It appears that these lyrics were (disconcertingly) structured along the lines of The Specials' "It's Up to You" (sing the song in your head, but substitute the lyrics above and you'll see what I mean)--which is about The Specials stating that they're going to keep on playing their music and communicating their anti-racist/anti-violence message no matter what the audience response is, but it's also reminding the black and white listeners that they have to power and the personal responsibility to decide whether to unite or fight (and how this decision can make their society better or worse off). It's a moral challenge that every one hearing the song has to decide to accept: "What you gonna do, when morons come for you? They won't go away, they want the whole world painted grey..." The enemy here isn't government (or the fact that you have to pay taxes that go towards providing infrastructure or services that are used by and benefit everyone), but racists, the National Front, the British National Party, giving in to one's worst instincts or complacency--and the question is: are you going to do the right thing?

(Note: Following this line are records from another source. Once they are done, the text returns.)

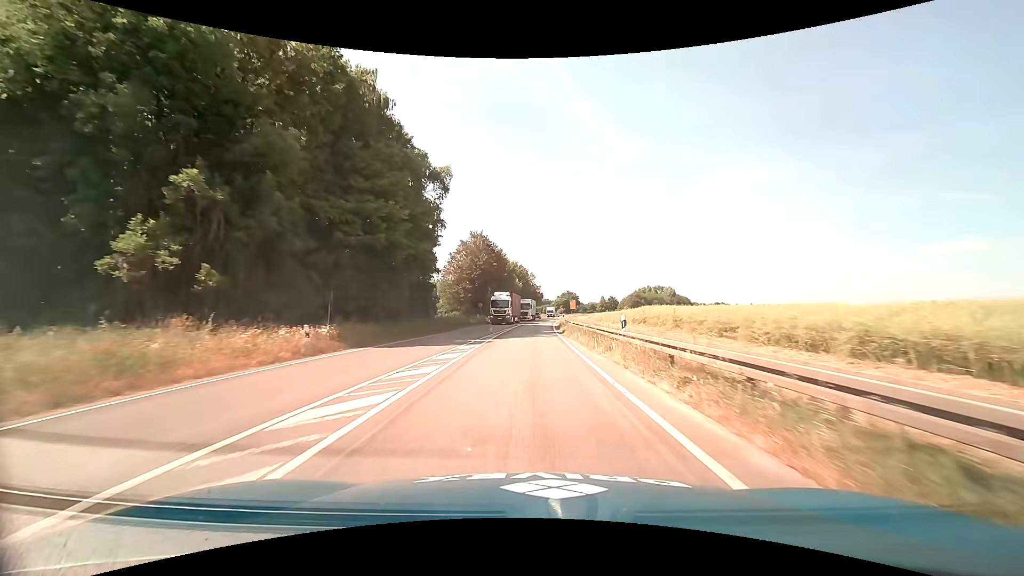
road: primary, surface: asphalt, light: Day
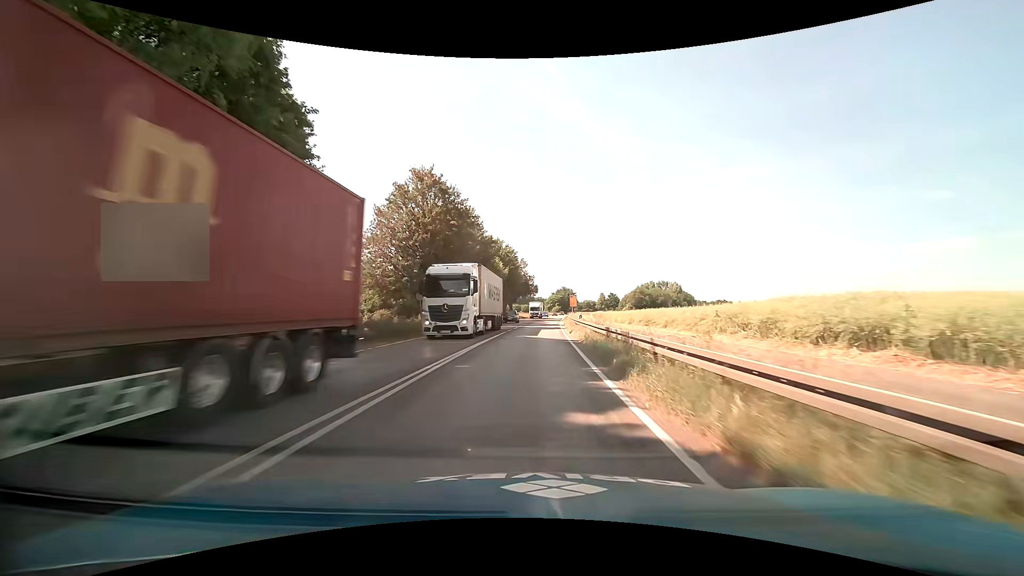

"Take Back the Power" also includes these lyrics that seem more real and relevant to black Americans in Ferguson, MO and many other places in the USA than to a white pop singer in LA (who's receiving lots of press for an album full of anti-government, libertarian lyrics that's clearly not being censored by anyone, since you can find the reviews all over the internet and in printed publications):
"Whatcha gonna do
When they show up in black suits
On your street in army boots
And they're there to silence you"
The over-the-top lyrics in The Interrupters' "Liberty" express the common right-wing/Tea Party fear that we're all terrifyingly close to living in some sort of Orwellian totalitarian state:
"Better quiet down
Don't speak your mind
Nod your head like everything's fine
Don't verbalize it
Cause if they hear you
They'll hunt you down and disappear you
They took it away, they got complete control
Where did my liberty go?"
Though, if we were living in something closely resembling a totalitarian state, The Interrupters probably wouldn't be out and about singing right-wing protest songs about living in--and rebelling against--a totalitarian state. Being able make some money off of singing about living in a society without liberty kind of proves that there is a fair amount of freedom left in said society, right?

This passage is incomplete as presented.